In the popular telling, there is a strong and reasonably constant relationship between health spending and life expectancy. We can presumably compare countries of “similar” development with eyeball regressions well enough to make strong inferences about the efficacy of a particular country’s health care system1. I have doubts.
In reality, healthcare is surely subject to rapidly diminishing returns and other factors shape outcomes largely independent of actual health inputs. Striking as such plots may be, the apparent slope for the United States can be readily predicted based on the relationship observed in other high-income countries with nothing more than time series for health expenditure and life expectancy. Truth be told, the average marginal effect of health expenditure for high-income countries in recent years is likely pretty close to zero (particularly as pertains macro-level indicators like life expectancy).
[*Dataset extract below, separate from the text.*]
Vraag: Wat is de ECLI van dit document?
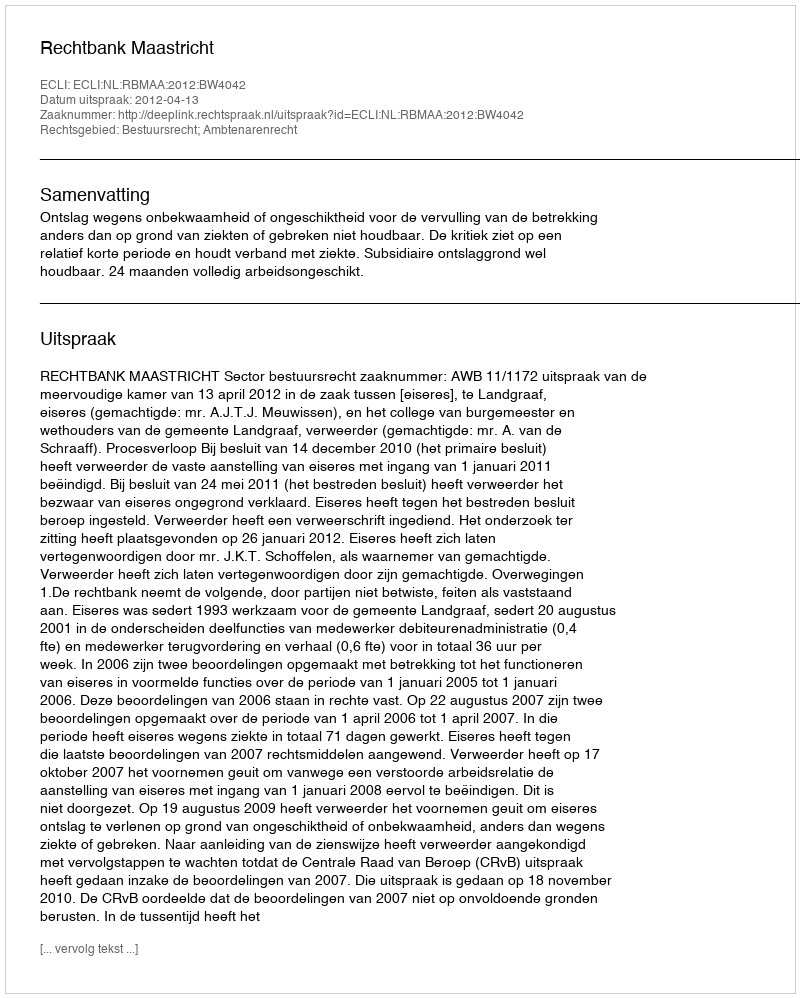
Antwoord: ECLI:NL:RBMAA:2012:BW4042

The US intercept, meanwhile, can be explained quite well by obesity. Obesity is likely to have very large negative effects on all manner of health outcomes. It is actually much more predictive of outcomes in the developed world than health spending. Indeed, the effects of obesity and related western diseases may be such that the apparent slope on health spending turns unambiguously negative in the developed world in the future (cross-sectionally, even if not in time series…).
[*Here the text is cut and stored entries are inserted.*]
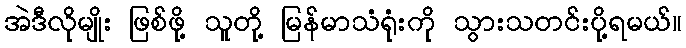
အဲဒီလိုမျိုး ဖြစ်ဖို့ သူတို့ မြန်မာသံရုံးကို သွားသတင်းပို့ရမယ်။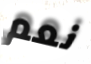
نعم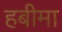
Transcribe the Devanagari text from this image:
हबीमा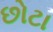
છોટા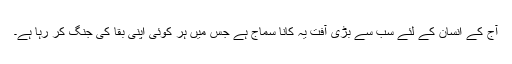
آج کے انسان کے لئے سب سے بڑی آفت یہ کانا سماج ہے جس میں ہر کوئی اپنی بقا کی جنگ کر رہا ہے۔

Income is a double-edged sword. Income growth stronglypredicts health spending growth, but income growth also predicts rising obesity, diabetes, prescription opioid use, illicit drugs, and likely several other “western” illnesses. While there probably are some idiosyncratic US factors not explained by current income levels (e.g., deep roots), many of these “American” issues are more widespread and more linked to income than most people appreciate. The equilibrium between the positive side (esp. healthcare) and the negative side (overeating, drugs, etc) is likely to seriously confound extrapolation from prior experience because of the non-linearities and tipping effects involved with these different processes.
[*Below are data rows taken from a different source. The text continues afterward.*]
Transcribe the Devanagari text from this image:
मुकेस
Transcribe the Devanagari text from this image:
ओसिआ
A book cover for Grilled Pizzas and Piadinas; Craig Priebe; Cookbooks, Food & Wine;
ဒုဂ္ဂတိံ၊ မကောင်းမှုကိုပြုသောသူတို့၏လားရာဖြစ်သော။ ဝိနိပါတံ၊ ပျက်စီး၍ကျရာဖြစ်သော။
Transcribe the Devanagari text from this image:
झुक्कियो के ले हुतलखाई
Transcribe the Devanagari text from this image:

Disclaimer: The title of this post is somewhat tongue-in-cheek and I fell slightly short of one million charts. Also, Noah probably isn’t wrong about everything he’s ever said on this topic, just the central points under contention, and he has tons of company.
Noah Smith (Noahpinion) recently published a column in Bloomberg with the title “Health-Care Costs Are Still Eating the U.S. Economy.” This came to my attention because he was kind enough to link to my blog when he alluded to my arguments on health spending. Though there are obvious areas of agreement (e.g., that health spending has risen faster than income; that the so-called “cost curve” hasn’t been bent; that rising health spending puts a very real crimp on take-home paychecks amongst the working class), I strongly disagree with the central arguments he advanced and feel that he did not quite accurately characterize my views.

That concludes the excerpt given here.